Probably because his head hurt and he was tired, Kurtz kicked the Gonzaga goon in the side of the head and then again in the ribs. It was like kicking a bowling ball and then trying to punt a three-hundred-pound sack of suet.

Kurtz went out the back door, limping slightly, the.38 still in his right hand.

The alley smelled of hops and urine and, without the glasses, the sunlight was way too bright for Kurtz's eyes. He had to blink to clear his vision and by the time he had, it was too late to do anything else. A huge limousine idled fifty feet away on Delaware Street, its black bulk blocking the alley entrance on that side, while a Lincoln Town Car blocked the opposite end.

Two men in dark topcoats totally inappropriate for such a beautiful October afternoon were aiming semiautomatic pistols at Kurtz's chest.

"Drop it," said the shorter of the two. "Two fingers only. Slow."

Kurtz did what he was told.

"In the car, asshole."

Silently agreeing that he was, indeed, an asshole, Kurtz again did what he was told.

CHAPTER EIGHT

"You're a hard man to track down, Mr. Kurtz."

The limousine, followed by the Lincoln filled with the other bodyguards, had headed west and was within sight of the lake and river now, moving north along the expressway. They had Kurtz in the jump seat near the liquor cabinet, opposite Toma Gonzaga and one of his smarter-looking bodyguards. The bodyguard held Kurtz's.38 loosely in his left hand and kept his own semiauto braced on his knee and aimed at Kurtz's heart A second bodyguard sat along the upholstered bench to Kurtz's right, his arms folded.

When Kurtz said nothing, Gonzaga said, "And odd to find you in a place like Knob Gobbler's."

Kurtz shrugged. "I heard that you were hunting for me. I figured I'd find you there."

The bodyguard next to the don thumbed back the hammer on his gun. Toma Gonzaga shook his head, smiled slightly, and set his left hand lightly on the pistol. Eyes never leaving Kurtz, the glowering bodyguard lowered the hammer.

"You're trying to provoke me, Mr. Kurtz," said Gonzaga. "Although in the current circumstances, I have no idea why. I presume you heard that my father exiled me to Florida eight years ago when he found out I was a homosexual."

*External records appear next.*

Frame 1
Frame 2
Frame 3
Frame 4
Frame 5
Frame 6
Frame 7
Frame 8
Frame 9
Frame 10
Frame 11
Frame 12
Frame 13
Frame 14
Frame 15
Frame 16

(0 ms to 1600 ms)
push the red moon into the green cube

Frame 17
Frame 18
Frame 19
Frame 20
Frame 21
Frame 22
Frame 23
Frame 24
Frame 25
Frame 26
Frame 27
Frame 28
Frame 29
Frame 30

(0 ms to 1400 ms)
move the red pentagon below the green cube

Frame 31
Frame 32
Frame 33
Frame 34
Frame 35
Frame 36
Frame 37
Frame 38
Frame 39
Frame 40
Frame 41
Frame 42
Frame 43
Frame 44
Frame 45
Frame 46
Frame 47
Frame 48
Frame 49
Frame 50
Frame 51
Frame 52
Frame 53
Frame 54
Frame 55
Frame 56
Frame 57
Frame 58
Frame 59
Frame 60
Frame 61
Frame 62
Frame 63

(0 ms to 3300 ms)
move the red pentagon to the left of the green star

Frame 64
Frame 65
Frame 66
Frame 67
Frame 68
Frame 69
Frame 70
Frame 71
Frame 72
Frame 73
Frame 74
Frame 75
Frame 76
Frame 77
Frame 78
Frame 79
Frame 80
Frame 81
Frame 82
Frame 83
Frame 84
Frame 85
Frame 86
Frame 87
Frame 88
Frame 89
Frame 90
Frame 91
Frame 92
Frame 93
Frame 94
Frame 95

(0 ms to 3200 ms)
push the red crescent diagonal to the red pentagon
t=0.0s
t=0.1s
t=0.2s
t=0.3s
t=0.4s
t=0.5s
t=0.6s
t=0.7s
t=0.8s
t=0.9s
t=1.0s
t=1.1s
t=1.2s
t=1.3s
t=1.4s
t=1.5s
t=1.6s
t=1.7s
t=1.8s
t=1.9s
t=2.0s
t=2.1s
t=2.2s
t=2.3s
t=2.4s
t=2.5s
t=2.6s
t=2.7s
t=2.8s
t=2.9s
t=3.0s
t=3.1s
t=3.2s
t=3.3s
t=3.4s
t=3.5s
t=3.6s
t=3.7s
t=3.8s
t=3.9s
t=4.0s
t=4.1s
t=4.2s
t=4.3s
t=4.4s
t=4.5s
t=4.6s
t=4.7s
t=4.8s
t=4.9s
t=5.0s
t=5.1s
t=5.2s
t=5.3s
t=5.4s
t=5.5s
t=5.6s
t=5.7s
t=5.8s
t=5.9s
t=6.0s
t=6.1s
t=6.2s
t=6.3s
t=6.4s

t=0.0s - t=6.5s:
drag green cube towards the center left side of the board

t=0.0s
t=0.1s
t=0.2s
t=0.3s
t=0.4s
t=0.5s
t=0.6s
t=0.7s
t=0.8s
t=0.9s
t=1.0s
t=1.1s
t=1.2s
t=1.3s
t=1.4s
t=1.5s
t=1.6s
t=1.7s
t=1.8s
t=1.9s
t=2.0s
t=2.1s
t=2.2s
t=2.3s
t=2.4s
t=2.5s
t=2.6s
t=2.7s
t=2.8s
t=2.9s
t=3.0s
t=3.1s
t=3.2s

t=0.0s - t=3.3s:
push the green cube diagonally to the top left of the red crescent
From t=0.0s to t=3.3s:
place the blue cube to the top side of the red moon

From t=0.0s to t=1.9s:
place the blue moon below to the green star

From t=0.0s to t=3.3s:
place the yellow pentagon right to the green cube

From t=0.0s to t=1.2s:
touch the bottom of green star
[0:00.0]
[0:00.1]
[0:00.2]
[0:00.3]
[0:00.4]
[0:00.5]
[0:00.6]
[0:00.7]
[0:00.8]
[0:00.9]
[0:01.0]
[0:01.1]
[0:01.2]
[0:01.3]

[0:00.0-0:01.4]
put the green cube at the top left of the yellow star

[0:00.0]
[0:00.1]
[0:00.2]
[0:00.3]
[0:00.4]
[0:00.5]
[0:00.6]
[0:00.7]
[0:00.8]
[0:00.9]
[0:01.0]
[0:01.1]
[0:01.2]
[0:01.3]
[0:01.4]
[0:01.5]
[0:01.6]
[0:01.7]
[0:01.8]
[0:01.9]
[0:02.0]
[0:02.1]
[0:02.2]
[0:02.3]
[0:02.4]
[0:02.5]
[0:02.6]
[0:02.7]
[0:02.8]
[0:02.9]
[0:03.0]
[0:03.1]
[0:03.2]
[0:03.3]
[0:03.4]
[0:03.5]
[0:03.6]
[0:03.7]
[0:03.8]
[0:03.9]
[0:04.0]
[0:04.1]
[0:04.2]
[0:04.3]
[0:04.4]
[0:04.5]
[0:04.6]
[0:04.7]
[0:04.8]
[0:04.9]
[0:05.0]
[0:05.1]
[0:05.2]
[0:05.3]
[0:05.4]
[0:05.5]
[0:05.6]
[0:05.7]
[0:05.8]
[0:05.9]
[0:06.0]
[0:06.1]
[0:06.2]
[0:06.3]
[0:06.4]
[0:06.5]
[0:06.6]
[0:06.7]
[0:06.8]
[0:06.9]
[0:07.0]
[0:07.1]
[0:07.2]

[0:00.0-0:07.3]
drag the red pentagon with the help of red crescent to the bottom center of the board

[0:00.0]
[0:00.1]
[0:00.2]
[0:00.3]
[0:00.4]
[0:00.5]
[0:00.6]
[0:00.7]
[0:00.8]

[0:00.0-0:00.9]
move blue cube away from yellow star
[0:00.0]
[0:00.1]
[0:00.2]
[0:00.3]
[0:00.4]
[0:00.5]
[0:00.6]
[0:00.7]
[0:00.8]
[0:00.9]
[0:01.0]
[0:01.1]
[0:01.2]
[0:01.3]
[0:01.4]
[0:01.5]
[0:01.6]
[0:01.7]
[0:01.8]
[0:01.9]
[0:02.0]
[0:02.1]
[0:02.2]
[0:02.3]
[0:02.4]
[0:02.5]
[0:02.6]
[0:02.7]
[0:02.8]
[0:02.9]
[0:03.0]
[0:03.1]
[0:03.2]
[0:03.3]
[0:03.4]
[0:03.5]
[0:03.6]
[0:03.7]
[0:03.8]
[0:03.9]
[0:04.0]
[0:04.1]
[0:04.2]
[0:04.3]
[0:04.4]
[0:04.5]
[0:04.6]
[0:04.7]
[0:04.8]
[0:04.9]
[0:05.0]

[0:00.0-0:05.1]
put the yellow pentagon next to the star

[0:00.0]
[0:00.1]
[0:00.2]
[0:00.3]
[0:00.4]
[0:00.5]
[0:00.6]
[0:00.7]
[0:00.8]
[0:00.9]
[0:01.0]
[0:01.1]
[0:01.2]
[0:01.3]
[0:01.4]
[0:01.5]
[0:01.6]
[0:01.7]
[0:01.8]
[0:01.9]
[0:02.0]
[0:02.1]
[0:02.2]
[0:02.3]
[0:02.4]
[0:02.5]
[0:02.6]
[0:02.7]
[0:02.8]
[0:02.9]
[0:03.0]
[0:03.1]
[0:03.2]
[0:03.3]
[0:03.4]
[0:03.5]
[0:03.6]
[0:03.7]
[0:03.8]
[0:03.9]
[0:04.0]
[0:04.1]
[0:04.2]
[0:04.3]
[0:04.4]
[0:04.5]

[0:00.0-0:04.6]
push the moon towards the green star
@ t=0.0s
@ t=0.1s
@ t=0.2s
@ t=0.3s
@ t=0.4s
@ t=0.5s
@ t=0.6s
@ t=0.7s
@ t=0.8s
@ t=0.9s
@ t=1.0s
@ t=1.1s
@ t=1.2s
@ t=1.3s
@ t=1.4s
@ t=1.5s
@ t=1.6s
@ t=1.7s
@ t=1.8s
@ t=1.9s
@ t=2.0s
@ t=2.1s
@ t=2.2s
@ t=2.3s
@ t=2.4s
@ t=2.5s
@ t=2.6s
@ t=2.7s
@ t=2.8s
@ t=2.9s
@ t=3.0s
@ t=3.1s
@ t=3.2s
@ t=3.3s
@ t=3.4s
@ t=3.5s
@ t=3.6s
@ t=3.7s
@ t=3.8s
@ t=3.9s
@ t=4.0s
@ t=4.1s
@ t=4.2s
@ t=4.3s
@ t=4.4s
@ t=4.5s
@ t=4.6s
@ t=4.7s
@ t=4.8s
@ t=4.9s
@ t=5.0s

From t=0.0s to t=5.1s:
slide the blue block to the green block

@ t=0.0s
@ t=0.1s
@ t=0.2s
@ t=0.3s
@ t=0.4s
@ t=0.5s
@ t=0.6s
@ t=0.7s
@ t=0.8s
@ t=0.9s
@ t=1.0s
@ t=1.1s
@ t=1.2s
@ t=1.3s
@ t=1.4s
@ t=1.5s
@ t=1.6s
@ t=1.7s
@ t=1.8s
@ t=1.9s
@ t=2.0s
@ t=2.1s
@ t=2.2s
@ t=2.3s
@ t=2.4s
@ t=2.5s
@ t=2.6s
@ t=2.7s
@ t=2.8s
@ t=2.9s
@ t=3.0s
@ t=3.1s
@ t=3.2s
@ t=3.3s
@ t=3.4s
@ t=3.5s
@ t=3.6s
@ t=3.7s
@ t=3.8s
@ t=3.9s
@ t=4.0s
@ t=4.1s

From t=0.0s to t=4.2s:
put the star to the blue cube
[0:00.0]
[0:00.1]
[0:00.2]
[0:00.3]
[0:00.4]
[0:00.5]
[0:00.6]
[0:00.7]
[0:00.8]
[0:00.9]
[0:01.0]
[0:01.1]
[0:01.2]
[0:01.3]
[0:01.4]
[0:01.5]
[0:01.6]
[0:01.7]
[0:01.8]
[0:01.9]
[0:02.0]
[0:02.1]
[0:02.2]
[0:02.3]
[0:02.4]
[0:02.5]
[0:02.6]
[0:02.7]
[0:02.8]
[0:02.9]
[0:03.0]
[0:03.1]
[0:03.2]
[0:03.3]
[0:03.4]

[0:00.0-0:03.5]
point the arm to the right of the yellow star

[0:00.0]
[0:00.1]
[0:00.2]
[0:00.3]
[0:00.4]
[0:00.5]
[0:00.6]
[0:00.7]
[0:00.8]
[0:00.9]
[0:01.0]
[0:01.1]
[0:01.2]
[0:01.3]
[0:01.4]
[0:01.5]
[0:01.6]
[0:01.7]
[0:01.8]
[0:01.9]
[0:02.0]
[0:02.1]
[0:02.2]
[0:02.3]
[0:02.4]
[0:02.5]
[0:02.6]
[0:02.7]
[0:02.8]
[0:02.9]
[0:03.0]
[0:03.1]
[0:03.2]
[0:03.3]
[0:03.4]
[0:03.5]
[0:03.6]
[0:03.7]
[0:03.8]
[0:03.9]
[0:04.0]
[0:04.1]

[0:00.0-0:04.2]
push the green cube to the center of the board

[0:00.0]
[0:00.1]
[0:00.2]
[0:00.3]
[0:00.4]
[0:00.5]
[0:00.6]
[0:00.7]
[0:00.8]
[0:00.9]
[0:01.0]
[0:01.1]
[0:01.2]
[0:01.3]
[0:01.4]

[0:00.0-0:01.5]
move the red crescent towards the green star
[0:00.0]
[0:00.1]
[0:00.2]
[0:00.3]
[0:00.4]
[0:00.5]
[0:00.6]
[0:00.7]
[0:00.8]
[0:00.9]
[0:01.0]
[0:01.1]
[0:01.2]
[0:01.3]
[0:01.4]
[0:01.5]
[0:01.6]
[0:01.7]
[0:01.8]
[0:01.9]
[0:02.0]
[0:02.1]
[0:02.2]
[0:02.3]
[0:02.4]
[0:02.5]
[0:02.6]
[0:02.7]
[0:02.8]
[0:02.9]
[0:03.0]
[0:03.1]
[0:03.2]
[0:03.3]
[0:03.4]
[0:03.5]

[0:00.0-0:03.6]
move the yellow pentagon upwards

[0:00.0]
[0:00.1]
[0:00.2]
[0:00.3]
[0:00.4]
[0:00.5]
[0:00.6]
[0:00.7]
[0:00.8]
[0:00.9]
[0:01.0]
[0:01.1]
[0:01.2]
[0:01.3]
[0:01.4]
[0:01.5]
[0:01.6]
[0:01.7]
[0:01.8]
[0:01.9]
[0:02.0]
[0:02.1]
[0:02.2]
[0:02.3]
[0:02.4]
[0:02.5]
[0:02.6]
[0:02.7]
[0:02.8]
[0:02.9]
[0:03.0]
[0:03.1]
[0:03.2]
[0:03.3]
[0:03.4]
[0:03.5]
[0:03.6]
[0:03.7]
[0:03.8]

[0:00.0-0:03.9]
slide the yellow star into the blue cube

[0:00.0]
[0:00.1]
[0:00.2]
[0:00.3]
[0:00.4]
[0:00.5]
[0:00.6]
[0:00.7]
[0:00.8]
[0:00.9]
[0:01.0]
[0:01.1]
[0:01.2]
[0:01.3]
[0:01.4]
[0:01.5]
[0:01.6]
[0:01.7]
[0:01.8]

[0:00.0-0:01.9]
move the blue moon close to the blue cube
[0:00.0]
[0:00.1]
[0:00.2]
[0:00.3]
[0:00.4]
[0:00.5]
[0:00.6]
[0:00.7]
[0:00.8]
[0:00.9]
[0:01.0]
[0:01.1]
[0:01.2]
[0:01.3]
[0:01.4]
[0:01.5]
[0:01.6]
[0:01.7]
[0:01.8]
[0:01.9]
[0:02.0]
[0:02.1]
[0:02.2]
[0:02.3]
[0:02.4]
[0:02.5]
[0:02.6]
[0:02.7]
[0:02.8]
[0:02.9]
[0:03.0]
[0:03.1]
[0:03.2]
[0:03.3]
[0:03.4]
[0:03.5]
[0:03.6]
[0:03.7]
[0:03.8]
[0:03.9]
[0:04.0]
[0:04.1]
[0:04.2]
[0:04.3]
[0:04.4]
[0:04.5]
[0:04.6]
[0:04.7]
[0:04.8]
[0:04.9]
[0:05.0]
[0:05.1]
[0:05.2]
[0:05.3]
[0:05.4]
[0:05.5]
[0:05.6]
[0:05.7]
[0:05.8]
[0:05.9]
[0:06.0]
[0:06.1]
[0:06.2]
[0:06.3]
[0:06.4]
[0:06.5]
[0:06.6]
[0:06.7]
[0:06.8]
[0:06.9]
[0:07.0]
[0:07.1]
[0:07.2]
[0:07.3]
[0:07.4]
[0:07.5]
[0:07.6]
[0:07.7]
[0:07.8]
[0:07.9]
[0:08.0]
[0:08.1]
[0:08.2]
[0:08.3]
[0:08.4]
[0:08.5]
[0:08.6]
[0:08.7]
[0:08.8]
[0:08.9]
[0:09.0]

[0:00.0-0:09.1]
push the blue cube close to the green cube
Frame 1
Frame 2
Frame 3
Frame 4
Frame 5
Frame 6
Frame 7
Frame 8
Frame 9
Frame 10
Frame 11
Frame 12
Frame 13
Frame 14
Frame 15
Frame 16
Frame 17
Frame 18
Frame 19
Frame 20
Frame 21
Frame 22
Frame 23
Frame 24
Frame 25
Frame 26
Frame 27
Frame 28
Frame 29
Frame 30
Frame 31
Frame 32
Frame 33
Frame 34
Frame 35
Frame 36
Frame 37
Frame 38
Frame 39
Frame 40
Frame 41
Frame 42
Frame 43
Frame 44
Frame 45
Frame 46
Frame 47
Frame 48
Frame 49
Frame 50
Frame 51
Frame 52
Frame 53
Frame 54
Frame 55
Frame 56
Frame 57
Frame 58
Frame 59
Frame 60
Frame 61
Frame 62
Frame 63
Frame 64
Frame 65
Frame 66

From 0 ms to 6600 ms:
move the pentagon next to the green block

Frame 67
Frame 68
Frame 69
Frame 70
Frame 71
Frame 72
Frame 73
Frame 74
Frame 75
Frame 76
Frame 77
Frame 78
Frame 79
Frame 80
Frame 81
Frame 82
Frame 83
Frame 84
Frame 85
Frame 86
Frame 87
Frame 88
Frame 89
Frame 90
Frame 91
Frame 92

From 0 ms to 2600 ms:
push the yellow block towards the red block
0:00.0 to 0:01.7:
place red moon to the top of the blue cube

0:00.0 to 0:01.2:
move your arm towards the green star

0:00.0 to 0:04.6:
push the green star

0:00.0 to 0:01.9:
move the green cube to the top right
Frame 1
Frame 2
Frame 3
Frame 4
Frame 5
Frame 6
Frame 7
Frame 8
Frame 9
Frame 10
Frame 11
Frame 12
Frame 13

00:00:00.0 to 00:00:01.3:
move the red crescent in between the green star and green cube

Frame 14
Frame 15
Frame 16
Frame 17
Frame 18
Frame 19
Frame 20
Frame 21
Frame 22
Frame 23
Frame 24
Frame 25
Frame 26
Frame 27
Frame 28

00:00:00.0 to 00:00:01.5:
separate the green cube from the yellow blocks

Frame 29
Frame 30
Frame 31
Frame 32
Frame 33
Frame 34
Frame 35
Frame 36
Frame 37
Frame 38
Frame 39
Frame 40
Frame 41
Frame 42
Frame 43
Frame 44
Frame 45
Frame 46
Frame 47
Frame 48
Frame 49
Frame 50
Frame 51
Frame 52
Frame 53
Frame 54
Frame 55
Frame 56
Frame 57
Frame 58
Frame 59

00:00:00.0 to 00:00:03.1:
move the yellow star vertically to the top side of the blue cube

"I thought all you guys preferred the term 'gay' these days," said Kurtz.

"No, I prefer 'homosexual, or even 'queer, " said Gonzaga. "'Fag' will do in a pinch."

"Truth in advertising?"

"Something like that. Most of my homosexual acquaintances over the years have been anything but gay people, Mr. Kurtz. In the old meaning of the term, I mean."

Kurtz shrugged. There must be some subject that would interest him less—football, perhaps—but he'd be hard-pressed to find it.

Gonzaga's cell phone buzzed and the man answered it without speaking. While he was listening, Kurtz studied his face. His father—Emilio—had been an outstandingly ugly man, looking like some mad scientist had transplanted the head of a carp onto the body of a bull. Toma, who looked to be in his early forties, had the same barrel chest and short legs, but he was rather handsome in an older-Tony-Curtis sort of way. His lips were full and sensuous like his father's, but looked to be curled more from habits of laughter than the way his father's fat lips had curled with cruelty. Gonzaga's eyes were a light blue and his gray hair was cut short. He wore a stylish and expensive gray suit, with brown shoes so leathery soft that it looked as if you could fold them into your pocket after wearing them.

Gonzaga folded the phone instead and slipped it into his pocket. "You'll be relieved to know that Bernard has regained consciousness, more or less, although you may have broken two or three of his ribs."